The paper introduces a unified framework for estimating the Riesz representer, a key object in debiased machine learning for causal and structural parameter estimation. The authors propose “Generalized Riesz Regression” (GRR), which fits a representer model by minimizing a Bregman divergence between the model output (after an appropriate link transformation) and a target quantity derived from the functional of interest. By selecting different convex generators φ and link functions g, the framework subsumes several existing methods: squared‑error Riesz regression (SQ‑Riesz) when φ(u)=½‖u‖² and g is linear, Kullback–Leibler (KL)‑based loss (UKL‑Riesz) when φ is the KL generator and g is the log link, as well as a host of other loss–link pairs (BKL‑Riesz, BP‑Riesz, PU‑Riesz, etc.).

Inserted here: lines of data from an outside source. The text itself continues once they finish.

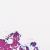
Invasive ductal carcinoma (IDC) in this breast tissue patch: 0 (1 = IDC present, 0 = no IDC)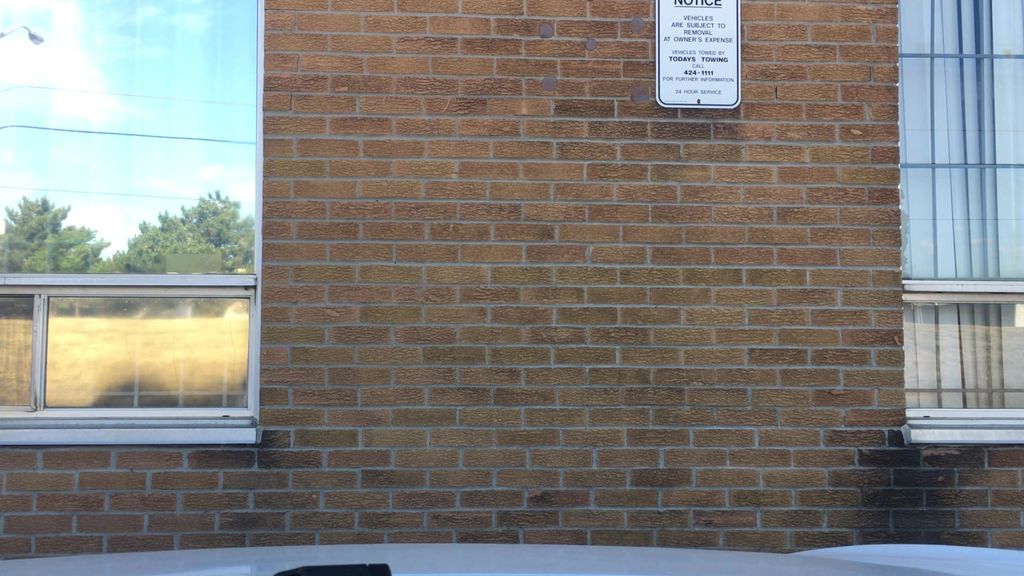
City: toronto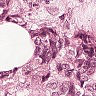
Metastatic tissue present: yes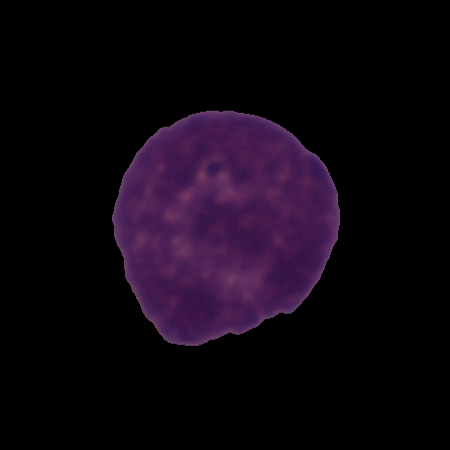
Label: healthy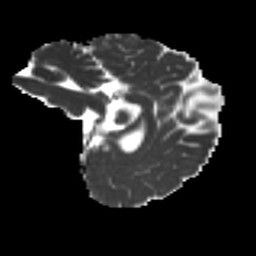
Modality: MD
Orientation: sagittal
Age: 26
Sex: female
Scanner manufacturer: ge
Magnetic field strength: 3 T
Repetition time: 7.8 s
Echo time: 0.0606 s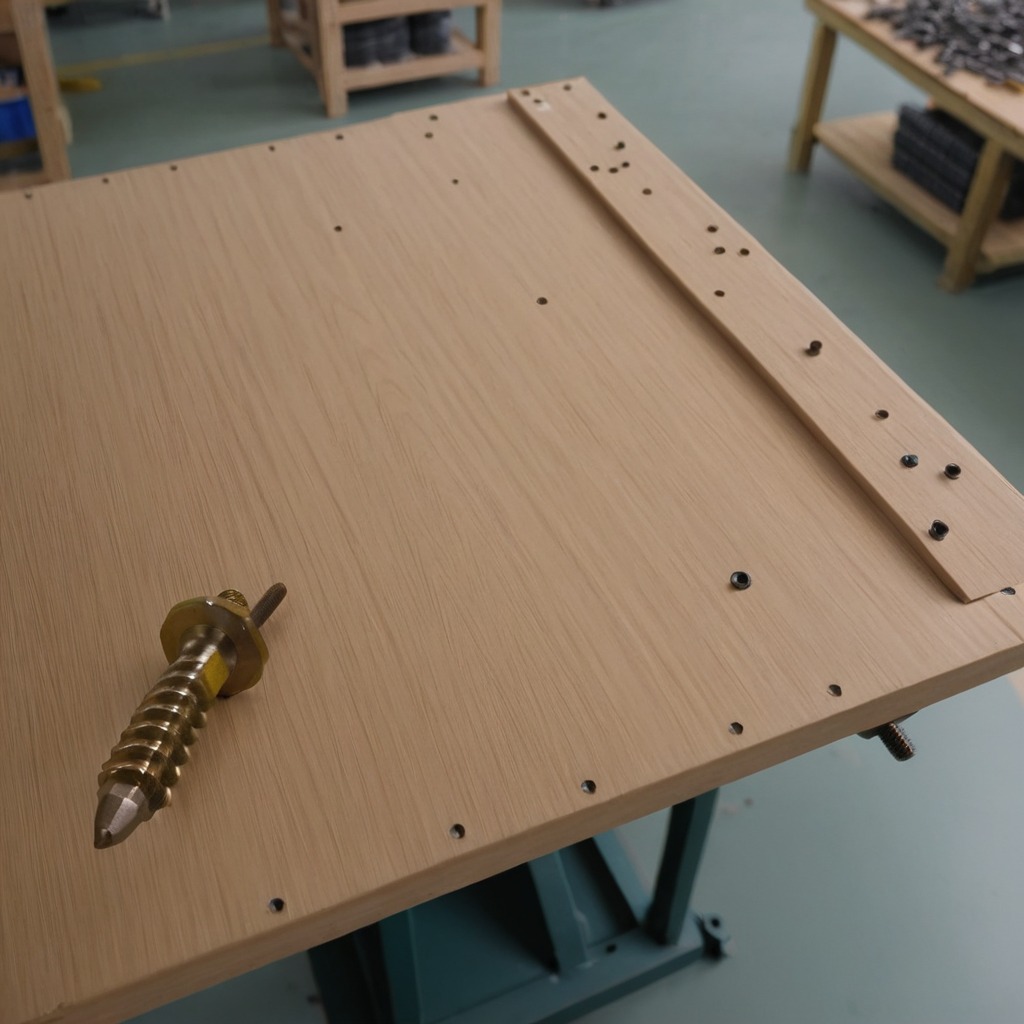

A central theoretical contribution is the identification of “dual linearity” conditions under which the dual of the Bregman‑divergence minimization problem yields covariate‑balancing constraints as KKT conditions. This leads to the notion of automatic covariate balancing: the estimated Riesz representer automatically satisfies moment‑matching equations that balance the covariate distribution without any explicit balancing step.

Simultaneously, the same loss–link specifications guarantee that the sample average of outcomes weighted by the estimated representer, (\frac{1}{n}\sum_i \hat\alpha(X_i)Y_i), coincides with a Neyman‑orthogonal score. Consequently, the estimator enjoys automatic Neyman orthogonalization—first‑order bias is eliminated even when the regression function is not estimated, contrasting with traditional debiased machine learning that relies on separate regression estimation and cross‑fitting.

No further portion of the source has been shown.